Tunbridge Wells, Kent, England
Created | Updated Jul 31, 2003
Lord North, Dudley to his friends.
In 1606 Dudley was travelling to see Lord Abergavenny, whose country seat was Eridge Castle. Dudley, who was 25 at the time, had been living it up at the court of James I and was in dire need of some good rest and recuperation. While riding his horse down off Rusthall common into the woods, he stopped and found a chalybeate (meaning iron bearing) spring. The iron deposits in the water had turned the water slightly orange in colour and had stained the rocks and ground around the springs entrance.
The German Connection and The Dipper
At this time the German resort of Spa was receiving fashionable and wealthy people from all over Europe, who were drinking these waters for their so called health giving properties. Dudley recognised that this spring water was very similar to the German towns and decided to continue to drink it at his stay at Eridge. Miracle of miracles he gets better, soon he claims the waters restored him to perfect health and starts telling his friends of this wonderful curing water. News spread quickly and by 1608 Lord Abergavenny had approached the Lord of the Manor of Rusthall to sink a well, so visitors could easily get to the water aided by a 'dipper', a woman who would dispense the water.
Soon the waters were being taken by many wealthy and notable people including royalty.
Devlopement of the Spring
Lord Muskerry acquired the Manor of Rusthall in 1664 and decided to give better access to the spring by building a new enclosure with an ornamental arch.
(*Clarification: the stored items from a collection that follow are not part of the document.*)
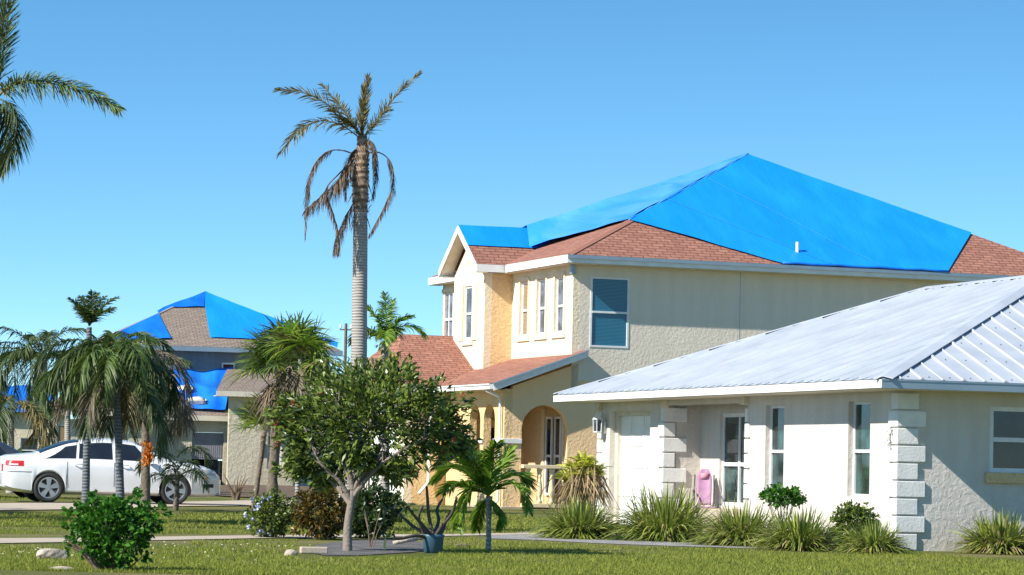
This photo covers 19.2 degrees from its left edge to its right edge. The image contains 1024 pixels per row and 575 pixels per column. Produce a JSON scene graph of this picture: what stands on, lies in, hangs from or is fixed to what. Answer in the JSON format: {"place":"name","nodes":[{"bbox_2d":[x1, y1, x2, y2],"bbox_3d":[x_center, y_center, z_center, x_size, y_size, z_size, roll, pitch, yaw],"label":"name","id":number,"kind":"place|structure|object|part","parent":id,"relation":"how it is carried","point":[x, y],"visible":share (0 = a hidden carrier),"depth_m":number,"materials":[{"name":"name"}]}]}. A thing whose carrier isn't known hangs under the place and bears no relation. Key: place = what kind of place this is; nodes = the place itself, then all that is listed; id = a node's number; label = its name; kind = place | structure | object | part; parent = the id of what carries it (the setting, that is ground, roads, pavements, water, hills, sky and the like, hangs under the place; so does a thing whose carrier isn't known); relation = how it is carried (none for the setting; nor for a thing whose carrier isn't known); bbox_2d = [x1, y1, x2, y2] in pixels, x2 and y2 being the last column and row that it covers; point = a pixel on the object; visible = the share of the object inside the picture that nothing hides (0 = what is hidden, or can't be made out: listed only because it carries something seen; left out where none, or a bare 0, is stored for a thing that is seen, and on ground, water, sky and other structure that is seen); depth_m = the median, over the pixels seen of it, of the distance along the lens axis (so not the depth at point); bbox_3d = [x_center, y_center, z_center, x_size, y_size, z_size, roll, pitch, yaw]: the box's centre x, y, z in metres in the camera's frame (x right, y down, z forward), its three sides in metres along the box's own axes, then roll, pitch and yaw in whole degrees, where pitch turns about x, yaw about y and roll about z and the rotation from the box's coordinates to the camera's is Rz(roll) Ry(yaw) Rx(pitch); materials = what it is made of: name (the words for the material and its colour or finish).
{"place":"outdoors","nodes":[
{"label":"outdoors","id":0,"kind":"place"},
{"bbox_2d":[0,500,371,509],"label":"driveway","id":1,"kind":"structure","parent":0,"point":[22,506],"depth_m":65.31,"materials":[{"name":"concrete"}]},
{"bbox_2d":[0,438,220,503],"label":"parked car","id":2,"kind":"object","parent":1,"relation":"on","point":[50,473],"visible":0.78,"depth_m":67.40,"materials":[{"name":"white paint"}]},
{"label":"rear window","id":3,"kind":"part","parent":2,"relation":"part of","materials":[{"name":"blue glass"}]},
{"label":"window","id":4,"kind":"part","parent":2,"relation":"part of","materials":[{"name":"black glass"}]},
{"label":"window","id":5,"kind":"part","parent":2,"relation":"part of","materials":[{"name":"black glass"}]},
{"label":"window","id":6,"kind":"part","parent":2,"relation":"part of","materials":[{"name":"black glass"}]},
{"bbox_2d":[0,532,534,542],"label":"sidewalk","id":7,"kind":"structure","parent":0,"point":[15,540],"depth_m":45.45,"materials":[{"name":"concrete"}]},
{"bbox_2d":[284,549,297,555],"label":"rock","id":8,"kind":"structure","parent":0,"point":[291,552],"depth_m":37.70,"materials":[{"name":"stone"}]},
{"bbox_2d":[0,495,621,533],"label":"grass","id":9,"kind":"structure","parent":0,"point":[219,525],"depth_m":57.05,"materials":[{"name":"green plant"}]},
{"bbox_2d":[340,384,380,489],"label":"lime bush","id":10,"kind":"object","parent":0,"point":[367,484],"visible":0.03,"depth_m":74.81,"materials":[{"name":"plant"}]},
{"bbox_2d":[0,485,1023,574],"bbox_3d":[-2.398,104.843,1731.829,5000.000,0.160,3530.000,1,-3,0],"label":"ground","id":11,"kind":"structure","parent":0,"point":[306,541],"depth_m":45.61,"materials":[{"name":"green plant"}]},
{"bbox_2d":[0,442,25,496],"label":"parked car","id":12,"kind":"object","parent":11,"relation":"on","point":[5,449],"visible":0.08,"depth_m":73.43,"materials":[{"name":"paint"}]},
{"bbox_2d":[0,394,60,492],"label":"feather palm","id":13,"kind":"object","parent":11,"relation":"on","point":[7,429],"visible":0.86,"depth_m":83.47,"materials":[{"name":"green plant"}]},
{"bbox_2d":[0,412,64,452],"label":"blue roofed house","id":14,"kind":"structure","parent":11,"relation":"on","point":[20,436],"depth_m":160.33,"materials":[{"name":"beige paint"}]},
{"bbox_2d":[0,385,55,411],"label":"blue tarp","id":15,"kind":"object","parent":14,"relation":"on","point":[22,394],"visible":0.1,"depth_m":162.99,"materials":[{"name":"blue plastic"}]},
{"bbox_2d":[20,438,37,452],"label":"window","id":16,"kind":"structure","parent":14,"relation":"in","point":[23,440],"depth_m":160.39,"materials":[{"name":"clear glass"}]},
{"bbox_2d":[0,326,96,449],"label":"feather palm","id":17,"kind":"object","parent":11,"relation":"on","point":[11,359],"visible":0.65,"depth_m":87.66,"materials":[{"name":"green plant"}]},
{"bbox_2d":[36,548,68,559],"bbox_3d":[-5.239,3.059,34.525,0.371,0.167,0.260,1,-3,0],"label":"boulder","id":18,"kind":"object","parent":11,"relation":"on","point":[46,553],"visible":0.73,"depth_m":34.43,"materials":[{"name":"stone"}]},
{"bbox_2d":[50,566,73,570],"bbox_3d":[-4.637,2.899,31.160,0.273,0.055,0.145,1,-3,0],"label":"flat stone","id":19,"kind":"object","parent":11,"relation":"on","point":[64,567],"visible":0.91,"depth_m":31.14,"materials":[{"name":"stone"}]},
{"bbox_2d":[0,0,125,184],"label":"feather palm","id":20,"kind":"object","parent":11,"relation":"on","point":[11,148],"visible":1,"depth_m":50.02,"materials":[{"name":"green plant"}]},
{"bbox_2d":[23,373,111,440],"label":"feather palm","id":21,"kind":"object","parent":11,"relation":"on","point":[67,427],"visible":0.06,"depth_m":91.82,"materials":[{"name":"plant"}]},
{"bbox_2d":[66,289,119,505],"bbox_3d":[-8.342,2.330,59.849,1.087,4.576,1.124,1,-3,0],"label":"snapped palm","id":22,"kind":"object","parent":11,"relation":"on","point":[87,313],"visible":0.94,"depth_m":59.75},
{"bbox_2d":[28,330,196,520],"bbox_3d":[-7.273,2.570,54.693,3.096,3.667,2.605,1,-3,0],"label":"feather palm","id":23,"kind":"object","parent":11,"relation":"on","point":[103,362],"visible":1,"depth_m":54.49,"materials":[{"name":"green plant"}]},
{"bbox_2d":[58,486,172,569],"bbox_3d":[-4.144,2.549,31.520,1.182,0.962,1.176,1,-3,0],"label":"green bush","id":24,"kind":"object","parent":11,"relation":"on","point":[101,519],"visible":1,"depth_m":31.36,"materials":[{"name":"green plant"}]},
{"bbox_2d":[92,346,200,511],"bbox_3d":[-7.522,2.949,61.825,2.411,3.564,2.521,1,-3,0],"label":"feather palm","id":25,"kind":"object","parent":11,"relation":"on","point":[184,420],"visible":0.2,"depth_m":61.58,"materials":[{"name":"green plant"}]},
{"bbox_2d":[140,440,153,468],"bbox_3d":[-7.436,3.401,61.604,0.296,0.613,0.301,1,-3,0],"label":"bromeliad","id":26,"kind":"object","parent":25,"relation":"attached to","point":[147,455],"visible":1,"depth_m":61.57,"materials":[{"name":"orange plant"}]},
{"bbox_2d":[0,541,309,560],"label":"lawn litter","id":27,"kind":"object","parent":11,"relation":"on","point":[173,552],"visible":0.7,"depth_m":37.49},
{"bbox_2d":[133,445,214,509],"bbox_3d":[-7.080,4.016,63.317,1.792,1.494,1.795,1,-3,0],"label":"young palm","id":28,"kind":"object","parent":11,"relation":"on","point":[177,475],"visible":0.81,"depth_m":63.36,"materials":[{"name":"green plant"}]},
{"bbox_2d":[47,301,342,485],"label":"house","id":29,"kind":"structure","parent":11,"relation":"on","point":[201,349],"depth_m":131.71,"materials":[{"name":"grey paint"}]},
{"bbox_2d":[57,424,71,442],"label":"window","id":30,"kind":"structure","parent":29,"relation":"in","point":[61,431],"depth_m":128.06,"materials":[{"name":"beige glass"}]},
{"bbox_2d":[122,426,128,440],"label":"window","id":31,"kind":"structure","parent":29,"relation":"in","point":[128,426],"depth_m":128.72,"materials":[{"name":"beige glass"}]},
{"bbox_2d":[116,291,205,338],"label":"blue tarp","id":32,"kind":"object","parent":29,"relation":"on","point":[154,325],"visible":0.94,"depth_m":136.10,"materials":[{"name":"blue plastic"}]},
{"bbox_2d":[174,367,232,409],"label":"blue tarp","id":33,"kind":"object","parent":29,"relation":"on","point":[206,383],"visible":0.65,"depth_m":133.22,"materials":[{"name":"blue plastic"}]},
{"bbox_2d":[187,396,206,404],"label":"sandbag","id":34,"kind":"object","parent":33,"relation":"on","point":[197,400],"visible":0.79,"depth_m":131.74,"materials":[{"name":"white fabric"}]},
{"bbox_2d":[192,432,222,459],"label":"garage door","id":35,"kind":"structure","parent":29,"relation":"in","point":[212,441],"depth_m":131.61,"materials":[{"name":"grey paint"}]},
{"bbox_2d":[222,363,234,368],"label":"window","id":36,"kind":"structure","parent":29,"relation":"in","point":[223,364],"depth_m":135.49,"materials":[{"name":"clear glass"}]},
{"bbox_2d":[205,291,337,346],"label":"blue tarp","id":37,"kind":"object","parent":29,"relation":"on","point":[227,318],"visible":0.62,"depth_m":137.70,"materials":[{"name":"blue plastic"}]},
{"bbox_2d":[267,435,281,468],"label":"window","id":38,"kind":"structure","parent":29,"relation":"in","point":[268,444],"depth_m":132.51,"materials":[{"name":"clear glass"}]},
{"bbox_2d":[224,475,248,500],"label":"bare twigs","id":39,"kind":"object","parent":11,"relation":"on","point":[236,493],"visible":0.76,"depth_m":78.20,"materials":[{"name":"beige wood"}]},
{"bbox_2d":[225,391,292,506],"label":"fan palm","id":40,"kind":"object","parent":11,"relation":"on","point":[246,414],"visible":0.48,"depth_m":67.81,"materials":[{"name":"green plant"}]},
{"bbox_2d":[219,484,312,496],"bbox_3d":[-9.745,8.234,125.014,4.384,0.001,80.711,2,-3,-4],"label":"mulch mound","id":41,"kind":"object","parent":11,"relation":"on","point":[288,491],"visible":0.34,"depth_m":107.11,"materials":[{"name":"brown soil"}]},
{"bbox_2d":[237,486,297,536],"bbox_3d":[-3.703,3.491,46.652,0.845,0.862,0.928,4,-5,-42],"label":"plumbago bush","id":42,"kind":"object","parent":11,"relation":"on","point":[263,510],"visible":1,"depth_m":46.56,"materials":[{"name":"green plant"}]},
{"bbox_2d":[225,314,342,503],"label":"fan palm","id":43,"kind":"object","parent":11,"relation":"on","point":[266,397],"visible":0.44,"depth_m":65.77,"materials":[{"name":"green plant"}]},
{"bbox_2d":[239,311,353,511],"bbox_3d":[-4.417,2.652,64.094,2.734,4.355,2.616,1,-3,0],"label":"fan palm","id":44,"kind":"object","parent":11,"relation":"on","point":[301,339],"visible":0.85,"depth_m":63.80,"materials":[{"name":"green plant"}]},
{"bbox_2d":[287,486,355,539],"bbox_3d":[-2.934,3.464,46.436,1.063,0.984,0.926,1,-3,0],"label":"croton bush","id":45,"kind":"object","parent":11,"relation":"on","point":[315,525],"visible":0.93,"depth_m":46.27,"materials":[{"name":"brown plant"}]},
{"bbox_2d":[307,442,337,486],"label":"background bush","id":46,"kind":"object","parent":11,"relation":"on","point":[328,458],"visible":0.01,"depth_m":111.23,"materials":[{"name":"green plant"}]},
{"bbox_2d":[339,323,351,372],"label":"utility pole","id":47,"kind":"object","parent":11,"relation":"on","point":[345,329],"visible":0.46,"depth_m":170.05,"materials":[{"name":"grey"}]},
{"bbox_2d":[272,70,421,497],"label":"storm damaged palm","id":48,"kind":"object","parent":11,"relation":"on","point":[358,170],"visible":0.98,"depth_m":66.03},
{"bbox_2d":[315,539,423,554],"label":"gravel island","id":49,"kind":"structure","parent":11,"relation":"on","point":[360,547],"depth_m":42.10,"materials":[{"name":"grey gravel"}]},
{"bbox_2d":[299,546,327,553],"bbox_3d":[-2.553,3.384,38.956,0.360,0.090,0.100,2,-4,-14],"label":"edging block","id":50,"kind":"object","parent":49,"relation":"on","point":[308,550],"depth_m":38.91,"materials":[{"name":"concrete"}]},
{"bbox_2d":[358,502,388,547],"bbox_3d":[-1.923,3.325,42.219,0.458,0.672,0.187,-1,-4,29],"label":"young sapling","id":51,"kind":"object","parent":49,"relation":"on","point":[366,514],"visible":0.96,"depth_m":42.20,"materials":[{"name":"green plant"}]},
{"bbox_2d":[392,537,417,543],"bbox_3d":[-1.564,3.713,44.291,0.403,0.113,0.060,3,-4,-31],"label":"driftwood","id":52,"kind":"object","parent":49,"relation":"on","point":[405,540],"visible":0.96,"depth_m":44.27,"materials":[{"name":"wood"}]},
{"bbox_2d":[262,342,482,550],"bbox_3d":[-1.882,2.153,40.420,2.985,2.842,2.219,1,-3,0],"label":"tree","id":53,"kind":"object","parent":11,"relation":"on","point":[296,419],"visible":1,"depth_m":40.31,"materials":[{"name":"green plant"}]},
{"bbox_2d":[340,474,404,538],"bbox_3d":[-2.251,3.471,47.677,1.146,1.124,1.088,1,-3,0],"label":"dark bush","id":54,"kind":"object","parent":11,"relation":"on","point":[367,496],"visible":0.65,"depth_m":47.51,"materials":[{"name":"green plant"}]},
{"bbox_2d":[346,291,428,497],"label":"feather palm","id":55,"kind":"object","parent":11,"relation":"on","point":[389,332],"visible":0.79,"depth_m":69.98,"materials":[{"name":"green plant"}]},
{"bbox_2d":[422,534,444,552],"bbox_3d":[-1.056,3.434,40.556,0.300,0.250,0.300,1,-3,0],"label":"blue pot","id":56,"kind":"object","parent":11,"relation":"on","point":[432,543],"visible":0.97,"depth_m":40.44,"materials":[{"name":"blue ceramic"}]},
{"bbox_2d":[381,486,457,550],"bbox_3d":[-1.254,3.098,40.523,1.062,0.879,1.920,1,-3,0],"label":"plumeria","id":57,"kind":"object","parent":56,"relation":"in","point":[423,528],"visible":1,"depth_m":40.45,"materials":[{"name":"grey plant"}]},
{"bbox_2d":[427,439,540,549],"bbox_3d":[-0.410,2.938,42.739,1.650,1.632,1.831,1,-3,0],"label":"young coconut palm","id":58,"kind":"object","parent":11,"relation":"on","point":[483,476],"visible":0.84,"depth_m":42.64,"materials":[{"name":"green plant"}]},
{"bbox_2d":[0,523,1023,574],"bbox_3d":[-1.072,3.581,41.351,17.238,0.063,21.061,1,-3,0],"label":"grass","id":59,"kind":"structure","parent":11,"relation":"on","point":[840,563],"depth_m":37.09,"materials":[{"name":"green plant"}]},
{"bbox_2d":[491,531,765,547],"bbox_3d":[2.403,4.301,52.138,5.804,0.048,10.652,1,-3,0],"label":"gravel bed","id":60,"kind":"object","parent":11,"relation":"on","point":[618,541],"visible":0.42,"depth_m":49.32,"materials":[{"name":"grey gravel"}]},
{"bbox_2d":[540,450,619,516],"bbox_3d":[1.244,3.710,54.486,1.554,1.564,1.210,1,-3,0],"label":"dracaena","id":61,"kind":"object","parent":60,"relation":"on","point":[582,475],"visible":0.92,"depth_m":54.35,"materials":[{"name":"green plant"}]},
{"bbox_2d":[527,490,633,539],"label":"strap leaf grass","id":62,"kind":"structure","parent":60,"relation":"on","point":[578,521],"depth_m":50.68,"materials":[{"name":"green plant"}]},
{"bbox_2d":[590,477,727,542],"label":"strap leaf grass","id":63,"kind":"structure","parent":60,"relation":"on","point":[669,520],"depth_m":50.31,"materials":[{"name":"green plant"}]},
{"bbox_2d":[757,482,807,524],"bbox_3d":[4.409,3.701,49.505,0.718,1.085,0.798,5,-5,-44],"label":"young shrub","id":64,"kind":"object","parent":60,"relation":"on","point":[785,496],"visible":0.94,"depth_m":49.41,"materials":[{"name":"green plant"}]},
{"bbox_2d":[326,161,1023,509],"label":"two storey house","id":65,"kind":"structure","parent":11,"relation":"on","point":[527,333],"depth_m":77.56,"materials":[{"name":"beige paint"}]},
{"bbox_2d":[363,422,397,501],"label":"garage door","id":66,"kind":"structure","parent":65,"relation":"in","point":[392,450],"depth_m":80.87,"materials":[{"name":"paint"}]},
{"bbox_2d":[445,292,452,335],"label":"window","id":67,"kind":"structure","parent":65,"relation":"in","point":[450,294],"depth_m":85.62,"materials":[{"name":"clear glass"}]},
{"bbox_2d":[465,286,471,339],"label":"window","id":68,"kind":"structure","parent":65,"relation":"in","point":[468,307],"depth_m":81.62,"materials":[{"name":"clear glass"}]},
{"bbox_2d":[478,420,494,488],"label":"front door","id":69,"kind":"structure","parent":65,"relation":"in","point":[492,421],"depth_m":78.86,"materials":[{"name":"white paint"}]},
{"bbox_2d":[448,225,555,247],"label":"blue tarp","id":70,"kind":"object","parent":65,"relation":"on","point":[496,236],"visible":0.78,"depth_m":81.34,"materials":[{"name":"blue plastic"}]},
{"bbox_2d":[521,282,527,336],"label":"window","id":71,"kind":"structure","parent":65,"relation":"in","point":[525,284],"depth_m":79.75,"materials":[{"name":"beige glass"}]},
{"bbox_2d":[538,279,544,334],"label":"window","id":72,"kind":"structure","parent":65,"relation":"in","point":[542,282],"depth_m":78.51,"materials":[{"name":"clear glass"}]},
{"bbox_2d":[544,417,552,494],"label":"window","id":73,"kind":"structure","parent":65,"relation":"in","point":[549,420],"depth_m":77.20,"materials":[{"name":"paint"}]},
{"bbox_2d":[553,416,561,495],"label":"window","id":74,"kind":"structure","parent":65,"relation":"in","point":[558,419],"depth_m":76.58,"materials":[{"name":"glass"}]},
{"bbox_2d":[556,277,563,332],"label":"window","id":75,"kind":"structure","parent":65,"relation":"in","point":[559,321],"depth_m":77.24,"materials":[{"name":"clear glass"}]},
{"bbox_2d":[589,276,629,347],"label":"window","id":76,"kind":"structure","parent":65,"relation":"in","point":[609,296],"depth_m":76.45,"materials":[{"name":"blue glass"}]},
{"bbox_2d":[522,153,970,272],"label":"blue tarp","id":77,"kind":"object","parent":65,"relation":"on","point":[753,205],"visible":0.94,"depth_m":80.38,"materials":[{"name":"blue plastic"}]},
{"bbox_2d":[692,469,715,507],"bbox_3d":[3.593,4.011,56.730,0.501,1.224,0.600,1,-3,6],"label":"folding chair","id":78,"kind":"object","parent":11,"relation":"on","point":[704,481],"visible":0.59,"depth_m":56.90,"materials":[{"name":"pink"}]},
{"bbox_2d":[553,275,1023,550],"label":"metal roof house","id":79,"kind":"structure","parent":11,"relation":"on","point":[932,377],"depth_m":51.23,"materials":[{"name":"beige paint"}]},
{"bbox_2d":[593,412,605,433],"bbox_3d":[1.743,2.719,60.901,0.270,0.440,0.208,2,-4,-18],"label":"wall lantern","id":80,"kind":"object","parent":79,"relation":"attached to","point":[599,425],"depth_m":60.84,"materials":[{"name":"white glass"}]},
{"bbox_2d":[614,411,649,525],"bbox_3d":[2.477,3.621,59.622,0.115,2.360,2.300,2,-4,-18],"label":"door","id":81,"kind":"structure","parent":79,"relation":"in","point":[632,431],"depth_m":60.02,"materials":[{"name":"paint"}]},
{"bbox_2d":[721,413,746,506],"bbox_3d":[4.195,3.210,56.376,0.057,1.730,1.400,2,-4,-18],"label":"window","id":82,"kind":"structure","parent":79,"relation":"in","point":[733,453],"depth_m":56.56,"materials":[{"name":"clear glass"}]},
{"bbox_2d":[769,405,783,493],"bbox_3d":[4.669,2.823,52.660,0.057,1.540,0.830,2,-4,-18],"label":"window","id":83,"kind":"structure","parent":79,"relation":"in","point":[777,412],"depth_m":52.83,"materials":[{"name":"clear glass"}]},
{"bbox_2d":[852,401,870,496],"bbox_3d":[5.754,2.637,49.311,0.057,1.560,0.860,2,-4,-18],"label":"window","id":84,"kind":"structure","parent":79,"relation":"in","point":[861,432],"depth_m":49.46,"materials":[{"name":"clear glass"}]},
{"bbox_2d":[882,425,890,448],"bbox_3d":[5.966,2.374,48.055,0.050,0.376,0.271,2,-4,-18],"label":"wall ornament","id":85,"kind":"object","parent":79,"relation":"attached to","point":[885,436],"depth_m":48.04,"materials":[{"name":"white paint"}]},
{"bbox_2d":[989,407,1023,472],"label":"window","id":86,"kind":"structure","parent":79,"relation":"in","point":[1006,423],"depth_m":48.49,"materials":[{"name":"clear glass"}]},
{"bbox_2d":[737,499,852,551],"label":"strap leaf grass","id":87,"kind":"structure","parent":11,"relation":"on","point":[800,534],"depth_m":46.06,"materials":[{"name":"green plant"}]},
{"bbox_2d":[829,499,880,546],"bbox_3d":[5.325,3.697,46.895,0.855,0.836,0.760,1,-3,0],"label":"hedge bush","id":88,"kind":"object","parent":11,"relation":"on","point":[851,513],"visible":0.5,"depth_m":46.79,"materials":[{"name":"green plant"}]},
{"bbox_2d":[817,514,926,554],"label":"strap leaf grass","id":89,"kind":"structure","parent":11,"relation":"on","point":[874,541],"depth_m":45.28,"materials":[{"name":"green plant"}]},
{"bbox_2d":[945,506,1023,554],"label":"strap leaf grass","id":90,"kind":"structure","parent":11,"relation":"on","point":[995,537],"depth_m":46.95,"materials":[{"name":"green plant"}]},
{"bbox_2d":[0,0,1023,460],"label":"sky","id":91,"kind":"structure","parent":0,"point":[517,113],"materials":[{"name":"blue"}]},
{"bbox_2d":[676,489,788,546],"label":"strap leaf grass","id":92,"kind":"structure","parent":0,"point":[728,529],"depth_m":48.25,"materials":[{"name":"green plant"}]}
]}

The Duke of York (who became James II) first came to the spring in 1670, and started promoting the local sandstone outcrop of The High Rocks as a place to see and be seen at. Here you could marvel at the massive vertical faces and stroll in clean air and meet and greet other socialites. In 1682, Lord Muskerry's widow sold the Manor to Thomas Neale who was Master of the Royal Mint and made an agreement with the Freeholders of the Manor allowing him to build lodgings, shops, and other facilities for visitors on nearby land. Unfortunately this mostly burned down in a fire in 1687. The reconstruction of this area consisted of the present day colonnade of shops and other facilities which was originally known as the Walks. In 1698 Princess Anne gave the money for the Walks to be paved, after her son fell over on slippery ground near the spring. When she came back the following year to find the work not done, she was to say miffed and vowed never to return. Eventually the paving was laid, using ceramic tiles about 10inches (25cms) square known as pantiles. These gave the colonnade its current name of The Pantiles, although they were replaced by stone flags in 1792.
The Showman Beau Nash and The Growing Town.
Richard "Beau" Nash took it on himself to become master of ceremonies in 1735, after coming from a similar role in Bath. Beau Nash was a showman who orchestrated the taking of the waters and created amusing divertions for his nearly captive audience. A position he held until his death in 1761 when he handed over to Sarah Porter, who had aided him in his work. This was the high point of the waters popularity and a thriving community grew up around the spring. This spread up the surrounding hills forming the Tunbridge Wells of today. Visitors wanted to buy souvenirs of their visit and wooden boxes and trinkets with intricate patterns made by mostly local craftsmen were sold in shops on The Pantiles, these became known as Tunbridge Ware.
Retreating Waters
In the 19th Century the wells popularity began to wane, medical enlightenment grew and taking the waters became more of a curio than a proven medical cure. Yet, even as late as the 1930's Tunbridge Wells was being touted as a health resort. Although the tradition of drinking from the famous spring is no longer taken very seriously, a costumed dipper still dispenses the water to modern day visitors.
The modern Pantiles and Town
The Pantiles today has a variety of restaurants and bars but still keeps the feel of Georgian times going with many antique shops. The High Street leads up from The Pantiles past the station to the Council Offices and the modern side of Tunbridge Wells. Here you will find all the leading high street stores. The Assembly Hall theatre always has a packed and varied program of shows and events and along in Church Road the converted Trinity Church has smaller and more avant-garde productions. In recent years the pub chain giants seam to have had a war to gain clients. Witherspoons, Litten Tree and Que Pasa have all opened branches but if you look a little further you can find real pubs who serve real ales to real people. To the North there is the industrial estate but tucked away you can find a Multiplex and bowling alley. Tunbridge Wells is twined with Wiesbaden, so keeping up the German links.
Yours Disgusted of Tunbridge Wells
Tunbridge Wells gained a reputation after World War II for being a retirement haven for ex Majors and such. These were probably the writers of the legendary 'Disgusted of Tunbridge Wells' found in many post war newspapers letters columns, but this thankfully, seems to have past into obscurity. Today Tunbridge Wells has little to be disgusted with, unless you try the rusty tasting chalybeate spring waters.